The SNRPN gene, also known as the small nuclear ribonucleoprotein polypeptide N, is a gene located on chromosome 15 in humans. It is a critical component of the Prader-Willi syndrome (PWS) region and plays a significant role in the regulation of genomic imprinting. The SNRPN gene is involved in the production of small nuclear ribonucleoproteins (snRNPs), which are essential for the splicing of pre-mRNA in the cell nucleus.

Structure[edit | edit source]

The SNRPN gene is located on the long arm of chromosome 15 at position 15q11-q13. It is part of a larger imprinted region that includes several other genes. The gene is expressed from the paternal allele, while the maternal allele is typically silenced due to imprinting. This region is subject to complex epigenetic regulation, which is crucial for normal development and function.

Function[edit | edit source]

SNRPN encodes a protein that is a component of the spliceosomal complex, which is responsible for the removal of introns from pre-mRNA transcripts. This process is vital for the generation of mature mRNA, which is then translated into proteins. The SNRPN protein is part of the U1 snRNP, which is one of the five small nuclear ribonucleoproteins involved in splicing.
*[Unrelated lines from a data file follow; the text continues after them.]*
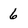
Character: 6
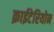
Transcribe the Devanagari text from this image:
क्राईटेरियोन
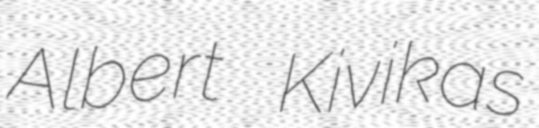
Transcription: Albert Kivikas
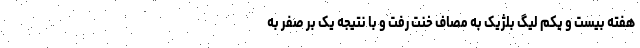
هفته بیست و یکم لیگ بلژیک به مصاف خنت رفت و با نتیجه یک بر صفر به
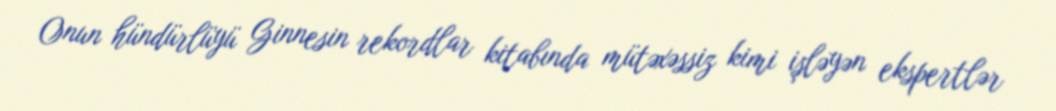
Onun hündürlüyü Ginnesin rekordlar kitabında mütəxəssiz kimi işləyən ekspertlər
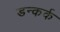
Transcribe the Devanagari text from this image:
डन्कर्क
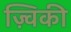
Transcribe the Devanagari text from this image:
ज़्विकी
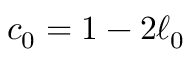
c _ { 0 } = 1 - 2 \ell _ { 0 }
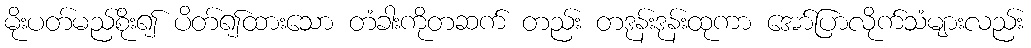
မိုးပတ်မည်စိုး၍ ပိတ်၍ထားသော တံခါးကိုတဆက် တည်း တဒုန်းဒုန်းထုကာ အော်ပြာလိုက်သံများလည်း
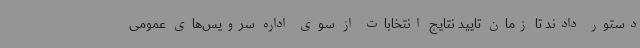
دستور دادند تا زمان تایید نتایج انتخابات از سوی اداره سرویس‌های عمومی
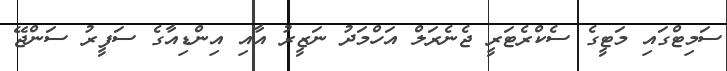
ސަމިޓްގައި މަޓީގެ ސެކްރެޓަރީ ޖެނެރަލް އަހްމަދު ނަޒީރު އާއި އިންޑިއާގެ ސަފީރު ސަންޖޭ

Clinical Significance[edit | edit source]

Mutations or deletions in the SNRPN gene, or disruptions in its imprinting, can lead to Prader-Willi syndrome, a genetic disorder characterized by hypotonia, obesity, intellectual disability, and hypogonadism. The loss of function of the paternal allele of SNRPN, along with other genes in the PWS region, is a key factor in the development of this syndrome.

Research and Implications[edit | edit source]

Research into the SNRPN gene and its associated pathways is ongoing, with a focus on understanding the mechanisms of genomic imprinting and its implications in human disease. Studies are also exploring potential therapeutic approaches to correct the imprinting defects associated with Prader-Willi syndrome.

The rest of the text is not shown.